Oh crikey, it's not you who should apologise. Your post didn't inflame at all. Now being made aware how you're feeling sideshow018, it is for me to apologise. You see I didn't realise by putting direct questions to you it would provoke awkward feelings. I read your post as containing varying degrees of unclear comments about smart phones. My original post makes no mention of anyother devices, as you have, as I didn't want to get involved in using other devices that could cloud what is happening with smart phones. Your replies don't acknowledge that the techniques and methods highlighted are happening. I believed you were more likely to have come across erasure/sanitisation and other ways that prevent data revelation given your work in the 'deleted' domain that you do. My mistake was believing that you are involved with others, so I am led to believe, providing expert and examiner training, inventing techniques and identifying methods of discovery for evidence. I believed you wouldn't be offended with direct questions that would equally show approaching limitations with Chip Off and JTAG in particular cases. For this, I am so sorry I made you feel uncomfortable.
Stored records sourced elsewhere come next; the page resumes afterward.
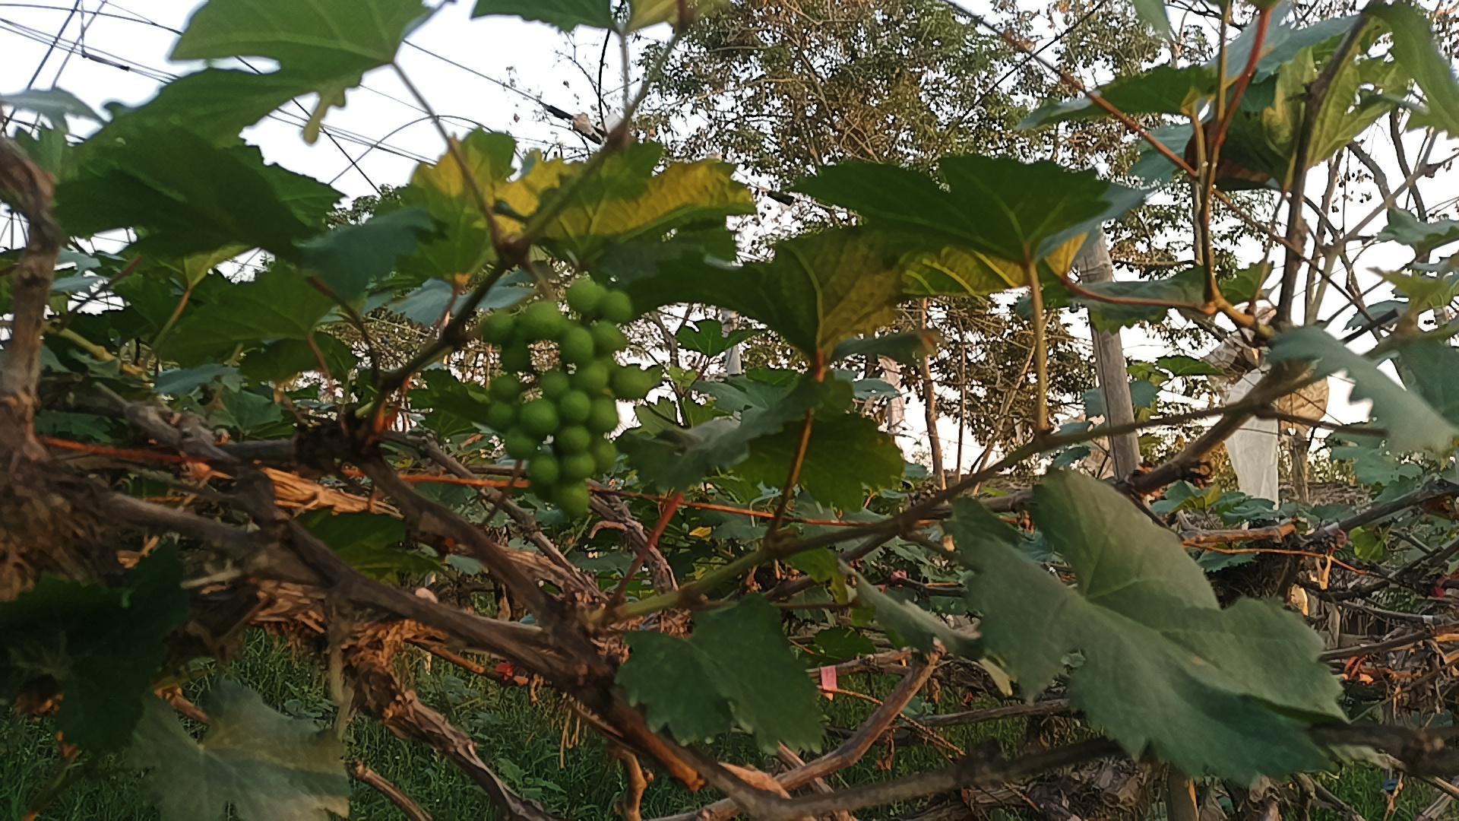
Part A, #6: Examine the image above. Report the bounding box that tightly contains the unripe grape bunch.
[481,281,660,518]
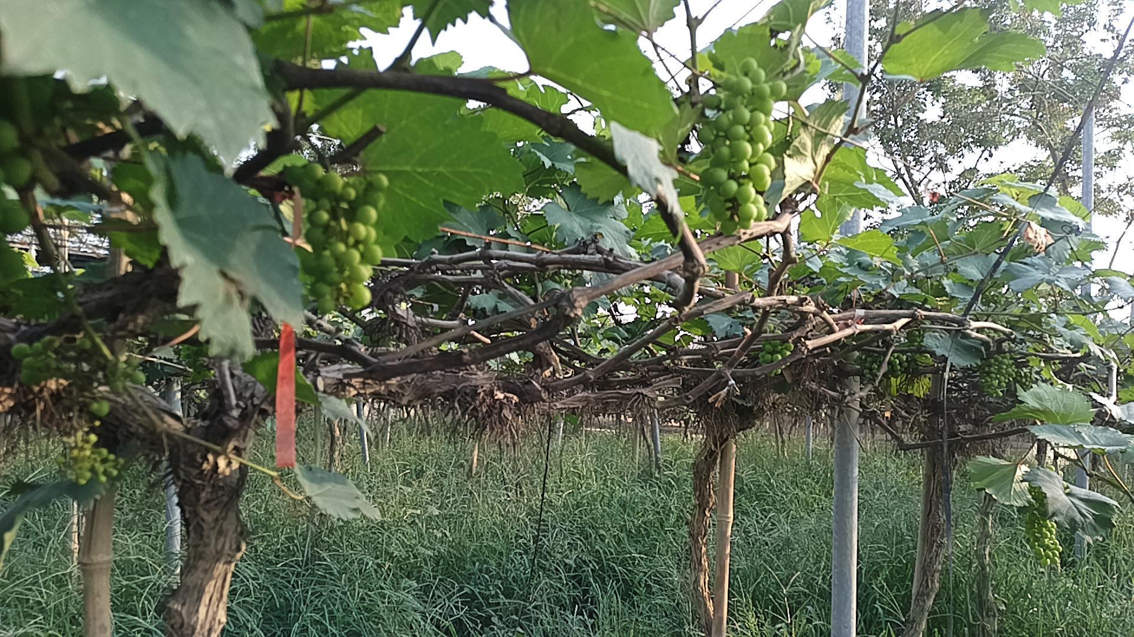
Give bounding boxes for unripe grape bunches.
[285,163,388,313]
[1025,501,1062,567]
[754,323,794,377]
[979,353,1017,398]
[0,119,31,287]
[700,58,784,232]
[11,335,144,484]

To avoid any further misunderstandings you might perceive, I withdraw my questions to you. I hope you have no hard feeling on this.

————————–

To anyone else who has looked into this area do remember, from my own research and tests, I could still be shown to be wrong. I have no problem with discovery through trial and error. Other motivations to understand is also driven by the increasing guidance postulated in newer evidential criteria being introduced or implemented, such as

- ISO/IEC 270372012, Information technology – Security techniques – Guidelines for identification, collection, acquisition, and preservation of digital evidence;

- and ISO17025 (http//en.wikipedia.org/wiki/ISO_17025)

- etc.

My qustions are aimed at scraping off the surface of responses in order to understand a person's reply as to whether it is underpinned with fact, as opposed to particular comments which maybe based upon personal hopes and idealism.
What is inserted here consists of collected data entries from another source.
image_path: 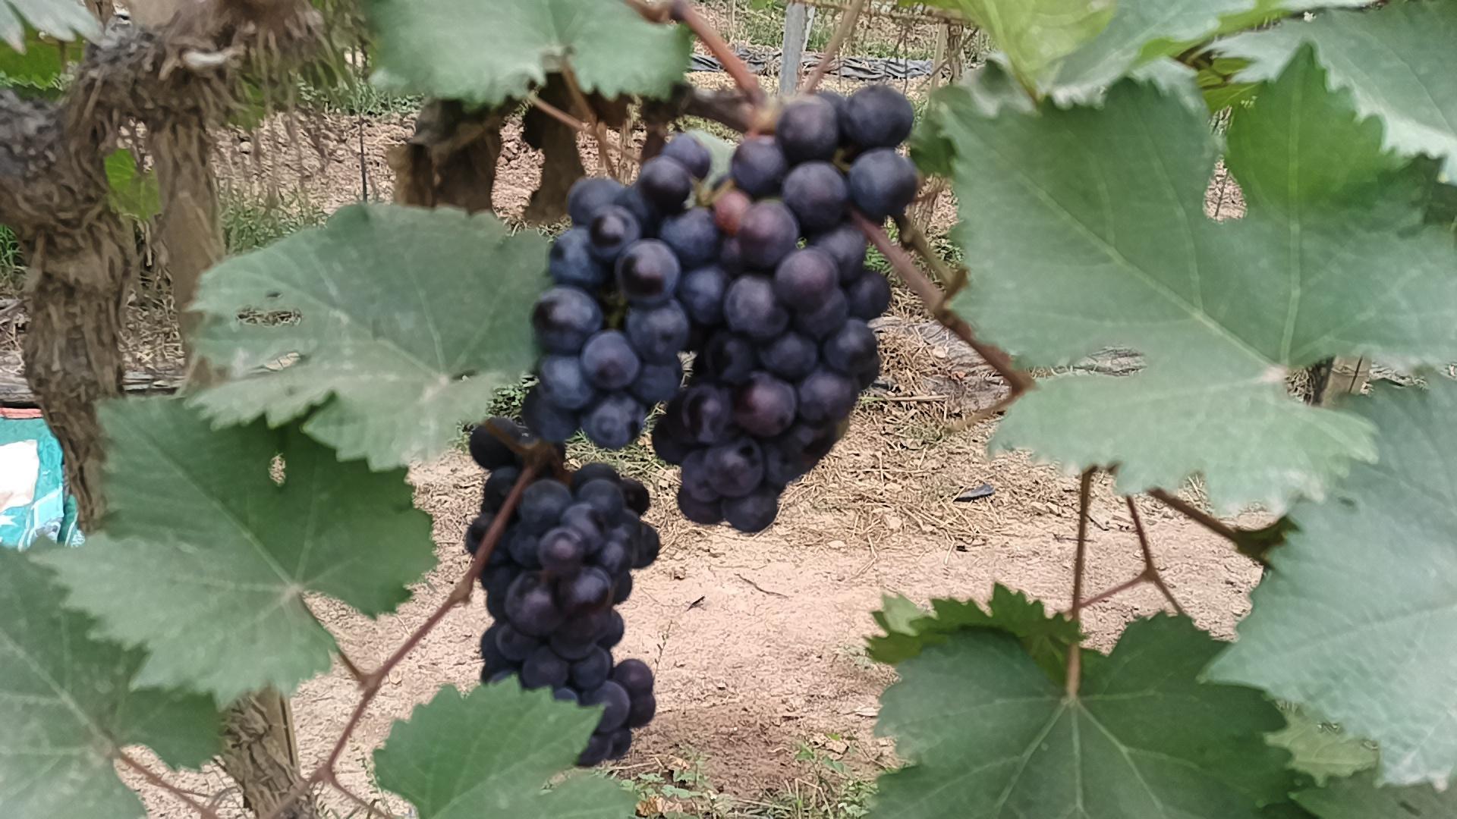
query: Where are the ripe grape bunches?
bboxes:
[521,135,733,449]
[653,85,921,532]
[466,417,659,767]
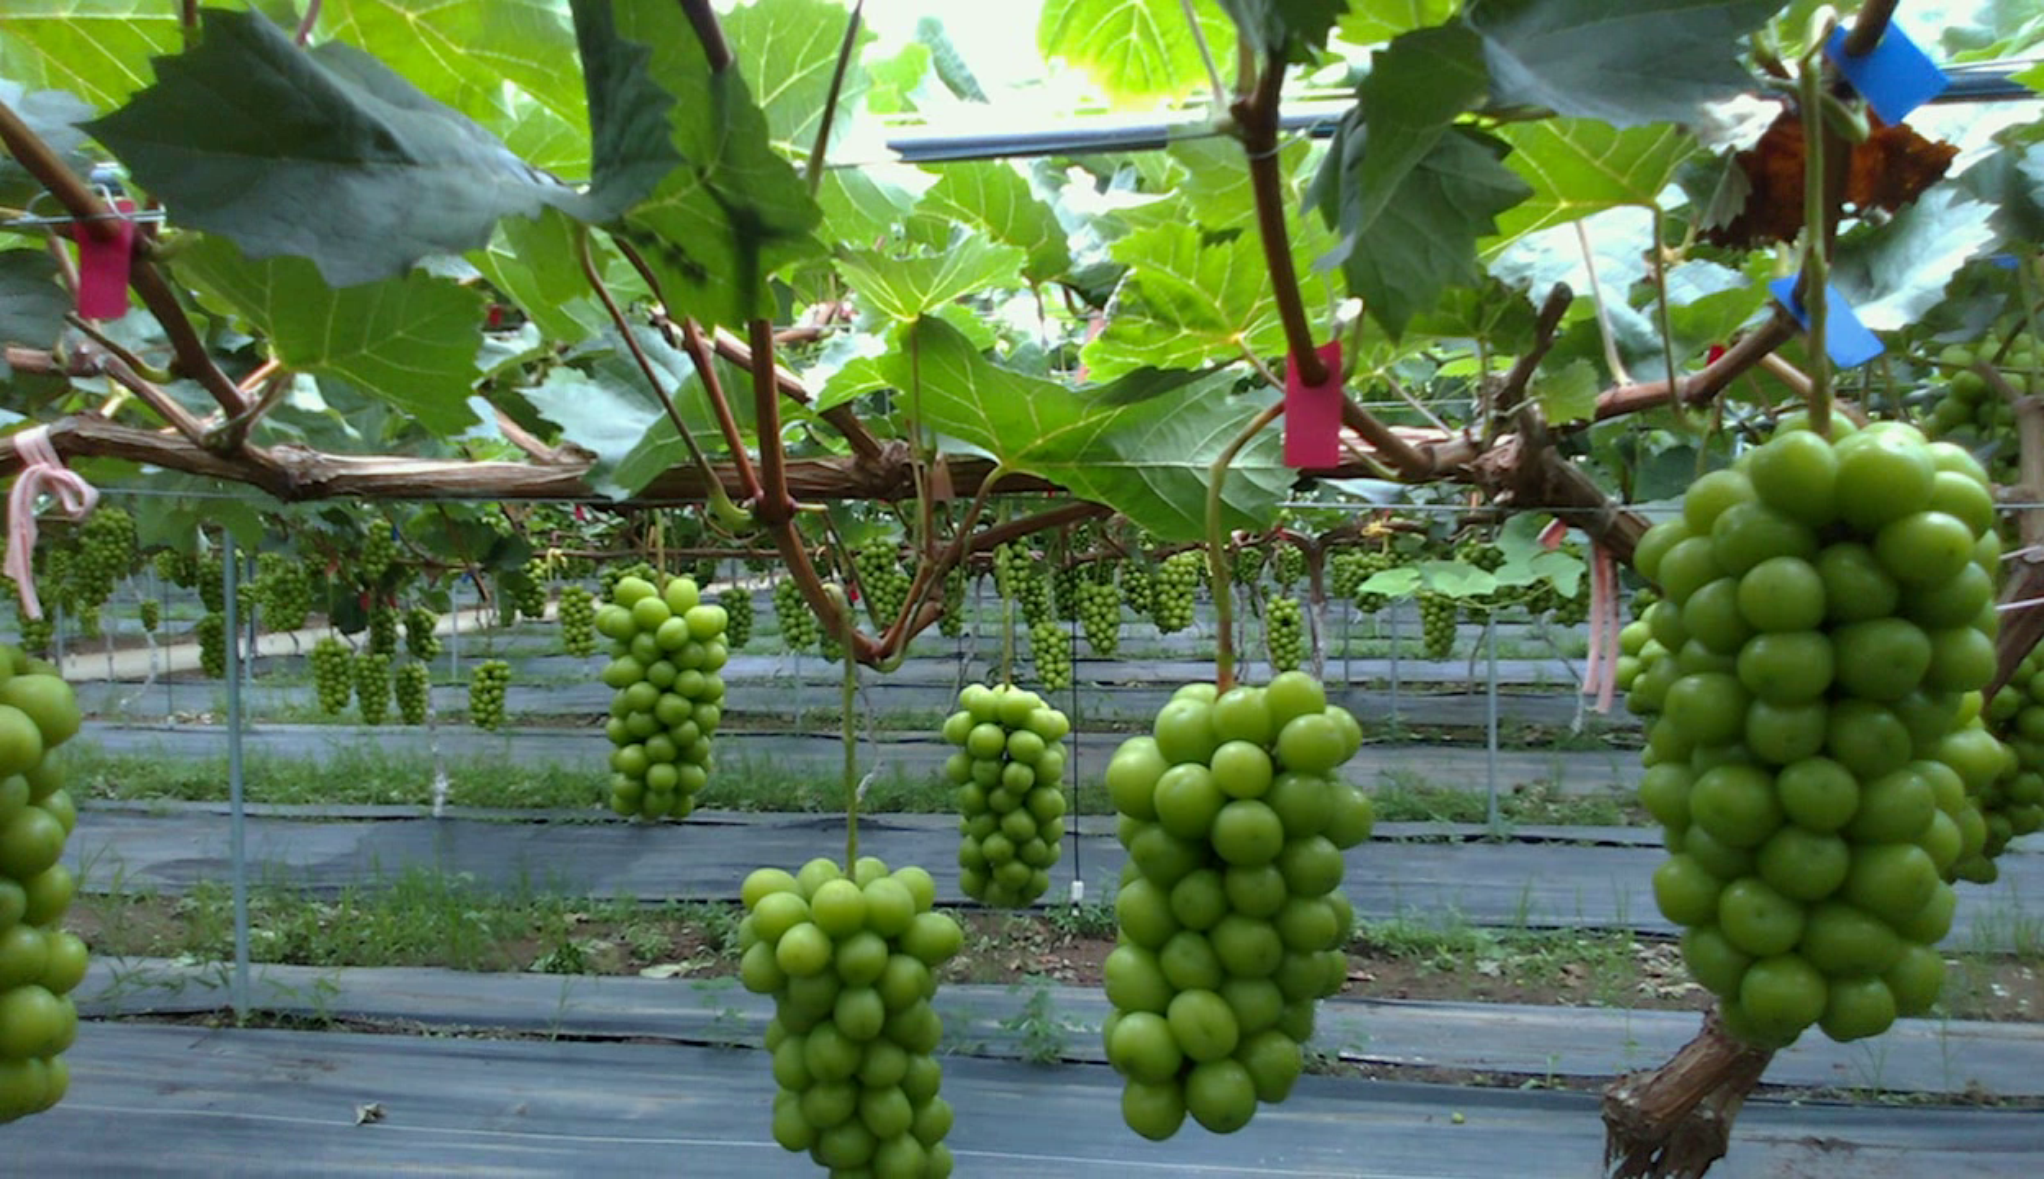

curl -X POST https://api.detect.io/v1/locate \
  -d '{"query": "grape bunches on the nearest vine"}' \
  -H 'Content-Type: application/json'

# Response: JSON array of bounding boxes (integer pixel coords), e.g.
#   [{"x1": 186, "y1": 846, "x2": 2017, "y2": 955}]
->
[
  {"x1": 2, "y1": 640, "x2": 88, "y2": 1122},
  {"x1": 1101, "y1": 668, "x2": 1374, "y2": 1141},
  {"x1": 739, "y1": 855, "x2": 961, "y2": 1177},
  {"x1": 1636, "y1": 403, "x2": 2005, "y2": 1053}
]
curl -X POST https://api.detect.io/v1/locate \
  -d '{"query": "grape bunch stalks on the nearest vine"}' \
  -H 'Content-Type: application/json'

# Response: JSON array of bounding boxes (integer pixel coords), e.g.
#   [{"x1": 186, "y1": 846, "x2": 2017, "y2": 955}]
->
[
  {"x1": 1798, "y1": 7, "x2": 1839, "y2": 440},
  {"x1": 827, "y1": 581, "x2": 857, "y2": 884},
  {"x1": 1205, "y1": 393, "x2": 1284, "y2": 701}
]

With methods/techniques being implemented into smart phones to erase, sanitise and prevent revelation, as they are on the increase, my analysis so far is that the scales are moving against Chip Off and JTAG with respect to the laws of diminishing returns of recovering deleted content from smartphones in particular cases. Because there has been an increase in these methods/techniques above the natural question arises how does this impact on evidence and is this the beginning, the beginning of the end [(?) question mark] using Chip Off and JTAG?

For clarity and avoidance of doubt the comments are directed to smart phones. I fully accept the term mobile phone will equally be used in an inter-changeable fashion.

 
Posted : 25/11/2012 4:01 pm
jaclaz
(@jaclaz)
Posts: 5133
Illustrious Member
 

For clarity and avoidance of doubt the comments are directed to smart phones. I fully accept the term mobile phone will equally be used in an inter-changeable fashion.

It is nowadays a very thin line, but I believe it still exists.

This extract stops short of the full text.